The only change from the code used above to plot a single timeline is related to the vertical size of the inset plots as it is expressed relative to the size of the whole plot. We also add a title, a subtitle and a caption, and tweak the theme of the main plot.

Code
ggplot(sun_elevation.tb, aes(x = when, y = where, label = plots)) +
  geom_line() +
  geom_point(data = . %>% filter(day(when) == 21)) +
  geom_plot(data = . %>% filter(day(when) == 21),
            inherit.aes = TRUE,
            vp.width = 0.15, vp.height = 0.12, vjust = -0.1, hjust = 0.5) +
  scale_x_date(name = "", breaks = date.ticks, date_labels = "%d %b") +
  scale_y_discrete(name = "", expand = expansion(mult = c(0.05, 0.25))) +
  labs(title = "Solar elevation through the day",
       subtitle = "The dotted line indicates the horizon (e = 0)",
       caption = "Inset plots are drawn using consistent x and y scale limits.") +
  theme_minimal() +
  theme(panel.grid.minor.x = element_blank(),
        panel.grid.major.x = element_blank(),
        axis.ticks.x.bottom = element_line())

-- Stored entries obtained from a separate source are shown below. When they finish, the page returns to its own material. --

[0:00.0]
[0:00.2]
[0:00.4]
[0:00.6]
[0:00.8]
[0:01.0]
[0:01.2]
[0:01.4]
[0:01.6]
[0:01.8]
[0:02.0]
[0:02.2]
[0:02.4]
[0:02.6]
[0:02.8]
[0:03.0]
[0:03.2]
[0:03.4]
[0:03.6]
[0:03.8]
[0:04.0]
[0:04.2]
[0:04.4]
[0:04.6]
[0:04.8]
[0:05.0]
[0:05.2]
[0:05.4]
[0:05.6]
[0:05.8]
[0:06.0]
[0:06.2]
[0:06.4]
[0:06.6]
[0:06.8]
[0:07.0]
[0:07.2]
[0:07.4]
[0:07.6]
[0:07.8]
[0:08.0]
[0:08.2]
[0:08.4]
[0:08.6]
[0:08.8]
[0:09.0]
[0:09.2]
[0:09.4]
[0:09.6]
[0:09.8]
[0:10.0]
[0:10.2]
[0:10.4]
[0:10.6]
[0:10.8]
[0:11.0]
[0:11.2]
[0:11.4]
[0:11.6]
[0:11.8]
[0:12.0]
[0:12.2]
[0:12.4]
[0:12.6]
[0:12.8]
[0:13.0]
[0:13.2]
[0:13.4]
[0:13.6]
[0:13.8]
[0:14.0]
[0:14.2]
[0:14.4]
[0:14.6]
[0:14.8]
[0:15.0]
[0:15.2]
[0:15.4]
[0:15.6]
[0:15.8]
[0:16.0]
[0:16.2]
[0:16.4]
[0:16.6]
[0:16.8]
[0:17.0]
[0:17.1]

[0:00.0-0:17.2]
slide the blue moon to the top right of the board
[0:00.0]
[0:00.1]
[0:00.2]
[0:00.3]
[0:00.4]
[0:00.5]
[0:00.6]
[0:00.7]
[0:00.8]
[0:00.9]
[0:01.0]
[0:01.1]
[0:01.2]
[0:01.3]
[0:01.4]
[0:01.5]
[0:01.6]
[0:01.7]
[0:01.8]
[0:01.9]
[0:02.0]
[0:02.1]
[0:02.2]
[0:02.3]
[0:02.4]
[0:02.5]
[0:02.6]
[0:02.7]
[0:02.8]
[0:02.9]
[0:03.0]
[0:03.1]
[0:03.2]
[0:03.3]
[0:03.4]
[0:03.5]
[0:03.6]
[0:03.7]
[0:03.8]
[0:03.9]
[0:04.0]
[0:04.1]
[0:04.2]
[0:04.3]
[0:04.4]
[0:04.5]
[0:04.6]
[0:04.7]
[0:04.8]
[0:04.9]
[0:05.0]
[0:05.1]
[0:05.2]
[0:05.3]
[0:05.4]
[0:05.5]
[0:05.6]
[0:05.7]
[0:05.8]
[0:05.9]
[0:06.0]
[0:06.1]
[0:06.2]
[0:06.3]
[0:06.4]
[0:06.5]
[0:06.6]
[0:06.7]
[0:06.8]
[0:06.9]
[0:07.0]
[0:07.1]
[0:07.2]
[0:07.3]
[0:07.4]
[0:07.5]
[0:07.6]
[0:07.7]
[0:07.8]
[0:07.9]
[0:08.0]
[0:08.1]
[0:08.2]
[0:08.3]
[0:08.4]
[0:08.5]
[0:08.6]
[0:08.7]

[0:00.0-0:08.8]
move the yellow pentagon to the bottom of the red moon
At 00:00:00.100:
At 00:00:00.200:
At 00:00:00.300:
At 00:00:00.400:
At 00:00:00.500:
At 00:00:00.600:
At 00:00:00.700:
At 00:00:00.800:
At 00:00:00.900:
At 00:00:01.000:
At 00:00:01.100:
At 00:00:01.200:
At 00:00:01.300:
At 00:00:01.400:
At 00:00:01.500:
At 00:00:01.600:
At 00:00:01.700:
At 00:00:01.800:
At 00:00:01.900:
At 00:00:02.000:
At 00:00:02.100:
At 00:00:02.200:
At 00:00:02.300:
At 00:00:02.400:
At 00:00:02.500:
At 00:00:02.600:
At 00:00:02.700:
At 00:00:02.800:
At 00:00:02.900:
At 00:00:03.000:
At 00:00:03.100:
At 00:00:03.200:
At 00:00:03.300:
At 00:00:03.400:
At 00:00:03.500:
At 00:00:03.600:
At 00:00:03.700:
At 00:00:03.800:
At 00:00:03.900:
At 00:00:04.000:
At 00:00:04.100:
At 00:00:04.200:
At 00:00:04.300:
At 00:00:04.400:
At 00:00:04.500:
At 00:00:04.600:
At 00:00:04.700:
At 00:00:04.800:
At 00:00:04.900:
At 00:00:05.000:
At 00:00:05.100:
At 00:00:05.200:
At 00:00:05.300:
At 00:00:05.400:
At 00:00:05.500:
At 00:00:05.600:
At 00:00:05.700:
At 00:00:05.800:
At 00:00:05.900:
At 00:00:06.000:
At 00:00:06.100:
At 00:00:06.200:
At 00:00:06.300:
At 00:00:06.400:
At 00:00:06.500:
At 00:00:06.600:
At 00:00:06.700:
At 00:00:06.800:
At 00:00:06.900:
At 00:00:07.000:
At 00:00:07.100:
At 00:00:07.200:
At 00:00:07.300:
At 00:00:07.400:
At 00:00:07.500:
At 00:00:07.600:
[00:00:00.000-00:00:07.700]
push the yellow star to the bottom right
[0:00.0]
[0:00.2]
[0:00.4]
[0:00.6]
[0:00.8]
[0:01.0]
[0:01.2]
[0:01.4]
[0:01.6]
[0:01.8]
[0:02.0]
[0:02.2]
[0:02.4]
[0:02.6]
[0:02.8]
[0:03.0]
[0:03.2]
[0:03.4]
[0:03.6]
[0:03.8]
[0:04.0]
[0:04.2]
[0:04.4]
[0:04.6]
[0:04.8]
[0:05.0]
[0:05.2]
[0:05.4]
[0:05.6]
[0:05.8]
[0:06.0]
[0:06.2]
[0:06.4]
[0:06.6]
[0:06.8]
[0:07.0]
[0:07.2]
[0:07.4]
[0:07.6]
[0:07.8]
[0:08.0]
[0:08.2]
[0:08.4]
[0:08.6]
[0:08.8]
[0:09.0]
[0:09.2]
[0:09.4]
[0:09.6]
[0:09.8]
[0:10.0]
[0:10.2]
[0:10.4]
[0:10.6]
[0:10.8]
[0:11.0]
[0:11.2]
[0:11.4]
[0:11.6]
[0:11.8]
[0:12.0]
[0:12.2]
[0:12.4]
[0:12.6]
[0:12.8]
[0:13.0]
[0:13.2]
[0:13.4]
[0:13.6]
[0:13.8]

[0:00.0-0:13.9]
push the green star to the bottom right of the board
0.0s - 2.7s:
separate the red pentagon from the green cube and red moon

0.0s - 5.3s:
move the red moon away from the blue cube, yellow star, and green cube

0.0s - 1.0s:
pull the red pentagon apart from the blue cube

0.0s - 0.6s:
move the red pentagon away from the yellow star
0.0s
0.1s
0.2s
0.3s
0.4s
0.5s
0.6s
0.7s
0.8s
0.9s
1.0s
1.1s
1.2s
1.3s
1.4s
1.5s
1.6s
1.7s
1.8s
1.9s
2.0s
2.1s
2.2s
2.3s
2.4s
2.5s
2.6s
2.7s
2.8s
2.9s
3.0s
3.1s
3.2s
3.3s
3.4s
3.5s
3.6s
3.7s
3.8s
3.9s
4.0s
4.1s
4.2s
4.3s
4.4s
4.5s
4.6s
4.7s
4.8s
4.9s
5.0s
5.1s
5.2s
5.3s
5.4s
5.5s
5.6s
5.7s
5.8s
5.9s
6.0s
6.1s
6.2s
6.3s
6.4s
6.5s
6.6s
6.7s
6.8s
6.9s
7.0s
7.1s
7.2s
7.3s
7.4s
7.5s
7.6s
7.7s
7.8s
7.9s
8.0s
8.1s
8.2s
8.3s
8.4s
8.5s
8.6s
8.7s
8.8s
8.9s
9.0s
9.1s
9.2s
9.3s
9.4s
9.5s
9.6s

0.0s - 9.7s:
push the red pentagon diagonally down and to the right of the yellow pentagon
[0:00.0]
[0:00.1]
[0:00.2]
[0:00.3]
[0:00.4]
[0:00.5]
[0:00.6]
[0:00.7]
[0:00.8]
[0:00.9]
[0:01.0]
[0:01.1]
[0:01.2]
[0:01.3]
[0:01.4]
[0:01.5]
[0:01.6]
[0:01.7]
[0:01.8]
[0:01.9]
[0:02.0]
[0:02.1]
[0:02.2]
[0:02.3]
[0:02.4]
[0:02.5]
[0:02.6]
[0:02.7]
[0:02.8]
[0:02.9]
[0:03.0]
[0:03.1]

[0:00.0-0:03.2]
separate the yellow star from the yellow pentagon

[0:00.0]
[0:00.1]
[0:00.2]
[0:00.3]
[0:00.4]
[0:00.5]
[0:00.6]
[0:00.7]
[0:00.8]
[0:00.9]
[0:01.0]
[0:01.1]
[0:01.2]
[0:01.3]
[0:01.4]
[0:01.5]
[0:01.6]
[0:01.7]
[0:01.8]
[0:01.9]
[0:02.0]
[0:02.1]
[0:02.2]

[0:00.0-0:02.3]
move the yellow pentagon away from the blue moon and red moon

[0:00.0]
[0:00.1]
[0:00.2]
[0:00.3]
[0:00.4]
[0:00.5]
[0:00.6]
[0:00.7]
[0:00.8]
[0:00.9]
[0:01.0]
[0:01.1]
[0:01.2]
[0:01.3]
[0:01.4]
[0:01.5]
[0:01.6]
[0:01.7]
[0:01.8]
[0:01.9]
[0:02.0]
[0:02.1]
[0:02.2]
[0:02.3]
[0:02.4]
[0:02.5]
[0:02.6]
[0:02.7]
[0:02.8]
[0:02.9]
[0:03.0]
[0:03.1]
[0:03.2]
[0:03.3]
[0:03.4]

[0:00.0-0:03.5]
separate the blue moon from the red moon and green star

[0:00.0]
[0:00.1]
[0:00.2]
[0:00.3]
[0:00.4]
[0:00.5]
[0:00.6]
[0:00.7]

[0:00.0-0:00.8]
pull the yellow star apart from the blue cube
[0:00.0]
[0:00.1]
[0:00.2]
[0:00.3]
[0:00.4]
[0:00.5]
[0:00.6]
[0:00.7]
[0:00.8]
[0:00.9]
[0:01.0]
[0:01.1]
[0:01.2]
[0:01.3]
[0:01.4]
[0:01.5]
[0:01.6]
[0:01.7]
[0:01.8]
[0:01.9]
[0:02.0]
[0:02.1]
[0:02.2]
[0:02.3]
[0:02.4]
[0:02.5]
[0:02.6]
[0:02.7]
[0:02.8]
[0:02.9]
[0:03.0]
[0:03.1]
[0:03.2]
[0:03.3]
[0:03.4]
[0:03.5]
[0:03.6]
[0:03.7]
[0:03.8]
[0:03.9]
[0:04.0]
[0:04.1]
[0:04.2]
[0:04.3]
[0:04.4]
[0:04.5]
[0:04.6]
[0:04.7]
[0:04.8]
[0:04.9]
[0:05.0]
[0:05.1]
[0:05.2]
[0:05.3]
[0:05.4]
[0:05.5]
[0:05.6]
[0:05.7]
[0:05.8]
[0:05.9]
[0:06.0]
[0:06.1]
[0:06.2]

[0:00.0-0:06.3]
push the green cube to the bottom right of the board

The five parallel timelines become rather crowded so an option is to build a matrix of plots. We achieve this by editing the code for the previous plot.

Code
ggplot(sun_elevation.tb, aes(x = when, y = where, label = plots)) +
  geom_plot(data = . %>% filter(day(when) == 21),
            inherit.aes = TRUE,
            vp.width = 0.18, vp.height = 0.15, vjust = 0.5, hjust = 0.5) +
  scale_x_date(name = "", breaks = date.ticks,
               limits = date.ends,
               date_labels = "%d %b") +
  scale_y_discrete(name = "") +
  labs(title = "Solar elevation through the day",
       subtitle = "The dotted line indicates the horizon (e = 0)",
       caption = "Inset plots are drawn using consistent x and y scale limits.") +
  theme_minimal() +
  theme(panel.grid.minor = element_blank(),
        panel.grid.major = element_blank())

7 References

Koponen, Juuso, and Jonatan Hildén. 2019. Data Visualization Handbook. Espoo, Finland: Aalto University.
Murrell, Paul. 2011. R Graphics. 2nd ed. CRC Press.